Neuroscience and Visual Expertise in Clinical Reasoning

While neuroscience is quickly uncovering many cognitive processes, clinical reasoning has hardly been subject of such studies. More recently however a new line of research has evolved which seeks to explore the biologic underpinnings of clinical reasoning. Indeed, an Achilles heel of clinical reasoning is that it is less subject to introspection or visualization, and thus these new methods such as functional magnetic resonance imaging (fMRI) and electroencephalogram (EEG) are emerging and show particular promise for enhancing our understanding of System 1 thinking. One of the first publications in this domain is from Durning et al. who studied brain process with functional MRI techniques in novices and experts solving clinical problems through vignette-based multiple choice questions. Many parts of the brain were activated. The researchers observed activity in various regions of the prefrontal cortex (Durning et al. 2015). While preliminary, fMRI may be a promising route of future investigation.

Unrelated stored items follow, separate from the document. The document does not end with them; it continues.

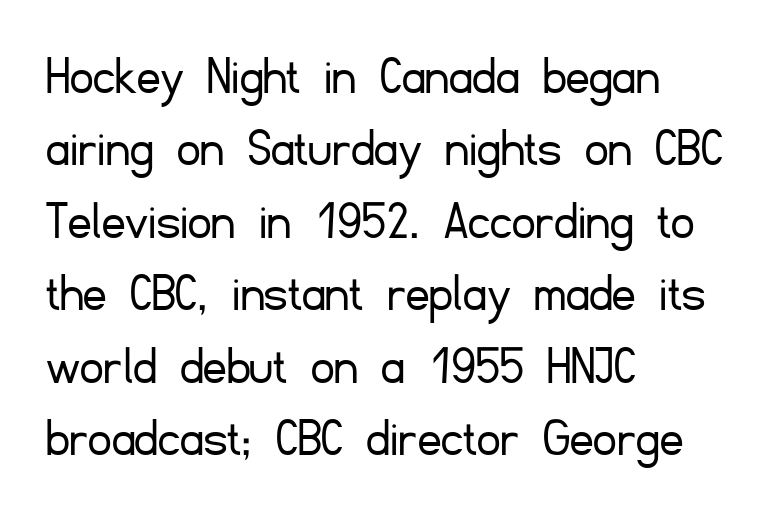
Proportional: the letters do not fall into vertical columns. The paragraph shown leans on its left margin. The glyphs are unaccompanied by any horizontal stroke below them. The type is set solid horizontally, with unmodified tracking.
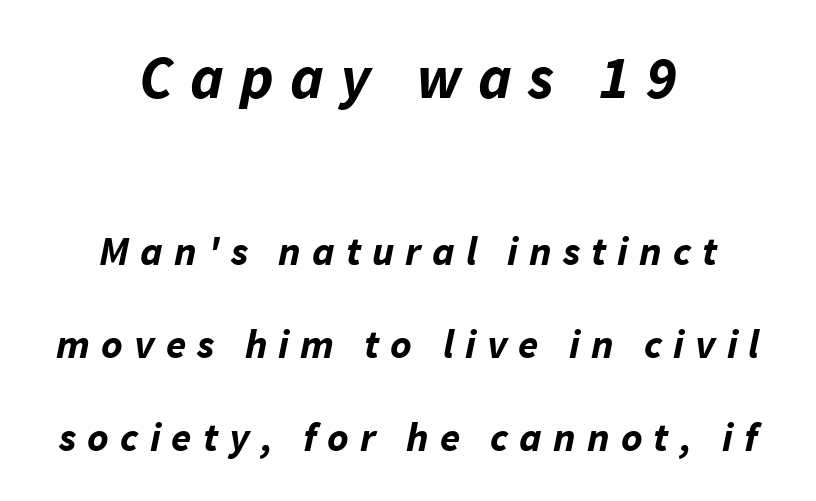
Yep, that's italic — everything's leaning. Heft: maximum for text — a bold. Each word looks stretched out because of the extra space between its letters. How would I describe the line gaps? Wide and relaxed. The typesetter chose a symmetrical, centered arrangement here. The strip under each line holds only bare page.
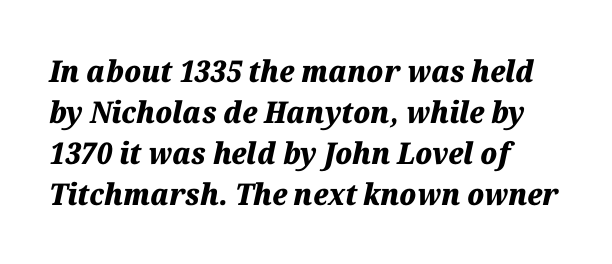
{"italic": "yes", "lean": "right", "slant_degrees": 12, "bold": "yes", "weight": "heavy", "width": "normal", "stroke_contrast": "medium", "x_height": "medium", "monospaced": "no", "underline": "no", "align": "left", "line_spacing": "normal", "line_spacing_ratio": 1.37, "letter_spacing": "normal", "letter_spacing_em": 0.0, "glyph_px": 30}
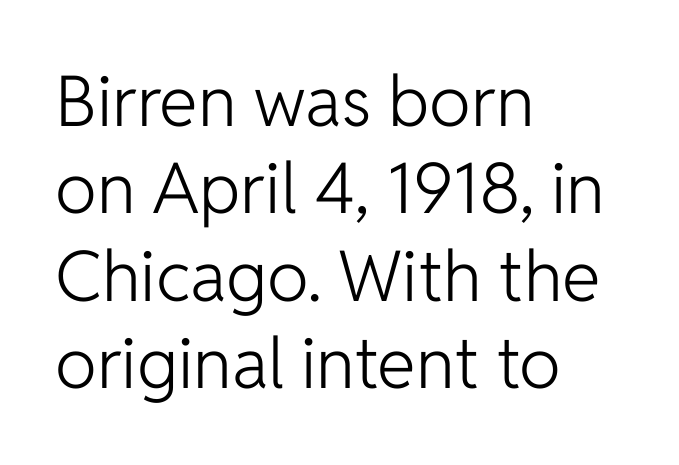
Q: Is the text bold? A: No.
Q: Is the text italic (slanted)? A: No, it is upright.
Q: Is the typeface a serif or a sans-serif typeface? A: Sans-serif.
Q: Is the text underlined? A: No.
Q: How is the paragraph aligned? A: Left-aligned.
Q: Is the spacing between letters normal or unusually wide? A: Normal.
Q: Is the spacing between lines tight, normal or loose? A: Normal.
Q: Width (condensed, normal, or wide)? A: Normal.
Q: Stroke contrast? A: Low.
Q: x-height? A: Medium.
Q: Monospaced? A: No.
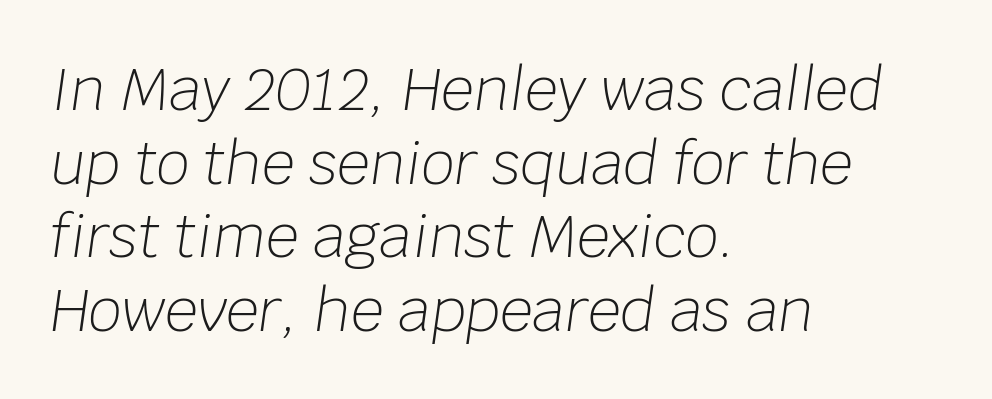
Any mark beneath the type? The region is blank. Stem width sits at or under what a default text font uses. A classic flush-left, rag-right setting is used for this passage. This sample uses plain, unmodified letter spacing.
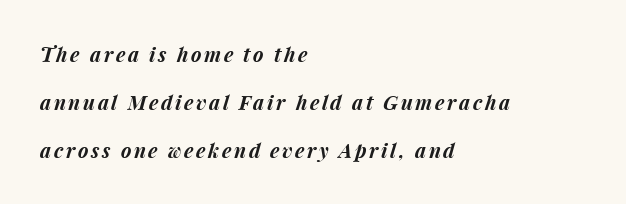
The image shows 20 px bold type, italic (leaning right); set left-aligned, loose line spacing (2.4x), not underlined.
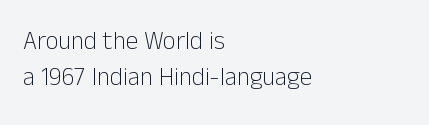
{"italic": "no", "bold": "no", "underline": "no", "align": "left", "line_spacing": "normal", "line_spacing_ratio": 1.44, "letter_spacing": "normal", "letter_spacing_em": 0.0, "glyph_px": 25}
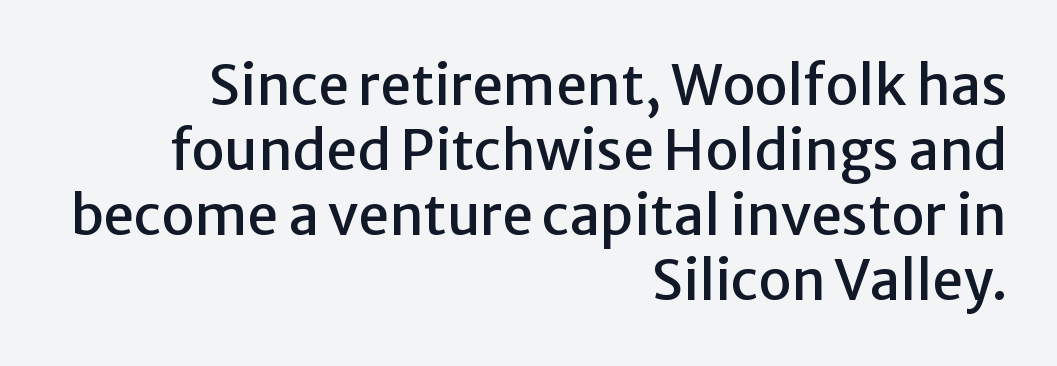
{"serif": "no", "italic": "no", "width": "normal", "stroke_contrast": "low", "x_height": "medium", "monospaced": "no", "underline": "no", "align": "right", "line_spacing_ratio": 1.18, "letter_spacing": "normal", "letter_spacing_em": 0.0, "glyph_px": 55}
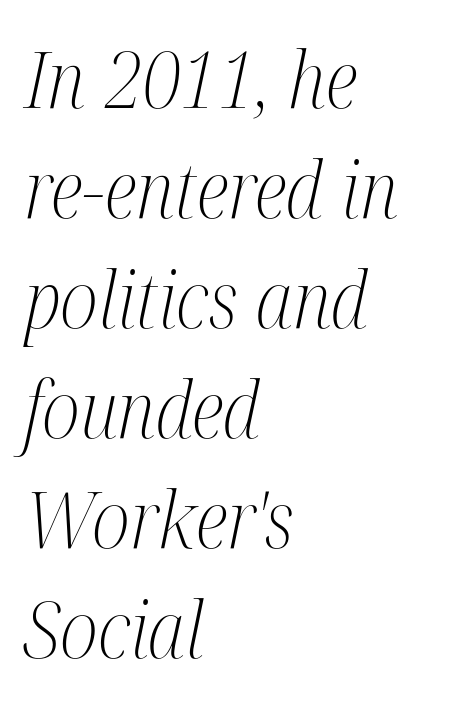
Italic: yes, the glyphs are oblique. Vertically, the passage feels balanced, rows spaced as you'd expect. Type without underlining. The weight would be labelled regular, book, light, or lighter still. The setting favours the left margin, as ordinary paragraphs usually do. There is no visible air inserted between adjacent glyphs.
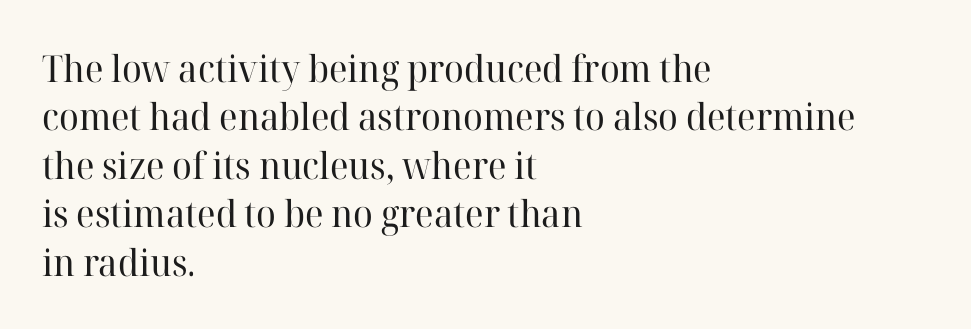
The image shows 37 px regular-weight serif type, upright; set left-aligned, normal line spacing (1.31x), normal letter spacing, not underlined; high stroke contrast and a medium x-height.
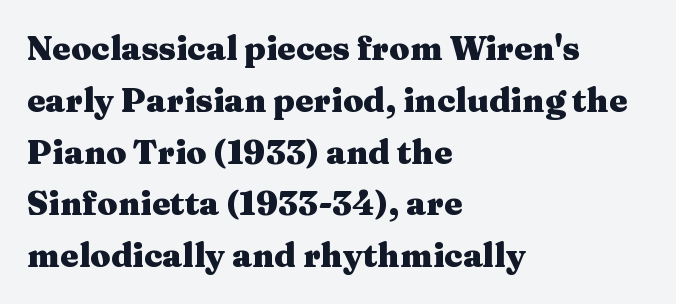
Q: Is the text bold? A: Yes.
Q: Is the text italic (slanted)? A: No, it is upright.
Q: Is the typeface a serif or a sans-serif typeface? A: Serif.
Q: Is the text underlined? A: No.
Q: How is the paragraph aligned? A: Left-aligned.
Q: Is the spacing between letters normal or unusually wide? A: Normal.
Q: Is the spacing between lines tight, normal or loose? A: Normal.
Q: Width (condensed, normal, or wide)? A: Wide.
Q: Stroke contrast? A: Medium.
Q: x-height? A: Medium.
Q: Monospaced? A: No.
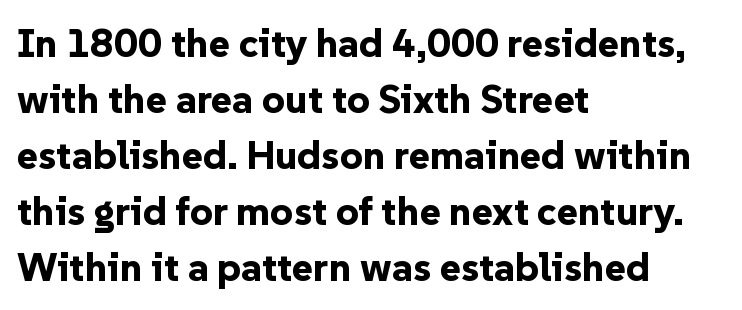
The image shows 40 px bold sans-serif type, upright; set left-aligned, normal line spacing (1.4x), normal letter spacing, not underlined; low stroke contrast and a medium x-height.
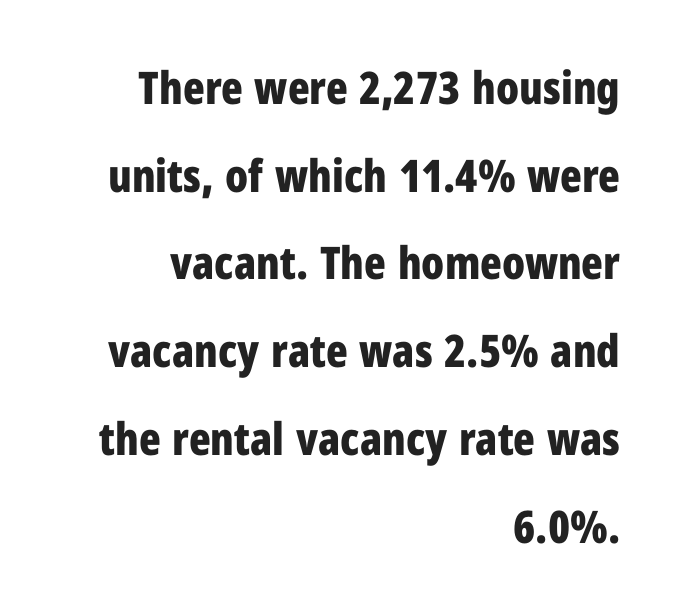
One glance says open: line gaps are wider than usual. The passage shown is typed in a proportional face where columns would drift. Short note: letters normally spaced. Designer's note — italics off, roman on. If you drew a ruler down the right edge, every line would touch it.
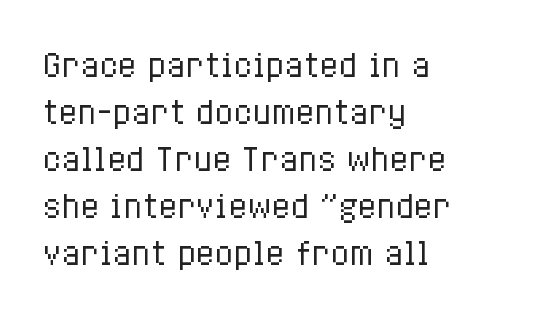
Q: Is the text bold? A: No.
Q: Is the text italic (slanted)? A: No, it is upright.
Q: Is the text underlined? A: No.
Q: How is the paragraph aligned? A: Left-aligned.
Q: Is the spacing between letters normal or unusually wide? A: Normal.
Q: Is the spacing between lines tight, normal or loose? A: Normal.
Q: Width (condensed, normal, or wide)? A: Condensed.
Q: Stroke contrast? A: Low.
Q: x-height? A: Medium.
Q: Monospaced? A: No.
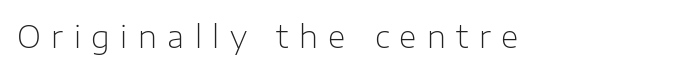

A new and related avenue of investigation is that of visual expertise (Bezemer 2017; van der Gijp et al. 2016). Medicine is a highly visual profession, not only for specific disciplines such as radiology, pathology, dermatology, surgery, and cardiology but also in primary care (Kok and Jarodzka 2017). Visually observing a patient, human tissue, or a representation of it, and recognizing abnormality, may not easily be expressed in words but can instantly lead to a System 1 recognition.

In Sum

The intention of this chapter was to provide an overview of theoretical concepts, frequently used terms, and a number of significant thinkers and authors in this domain, all of which underlie our current understanding of clinical reasoning to support the teaching of students about clinical reasoning in the preclinical period and beyond.

While much of the cited literature appeared after the model of case-based clinical reasoning was first created in 1992 (ten Cate 1994), and some aspects apply to clinical rather than preclinical education, none of the recommendations that could be drawn for this chapter would conflict the CBCR approach.

Although it is apparent that there are still numerous gaps in our collective understanding of clinical reasoning, it is also clear that progress into a more thorough understanding of clinical reasoning is advancing.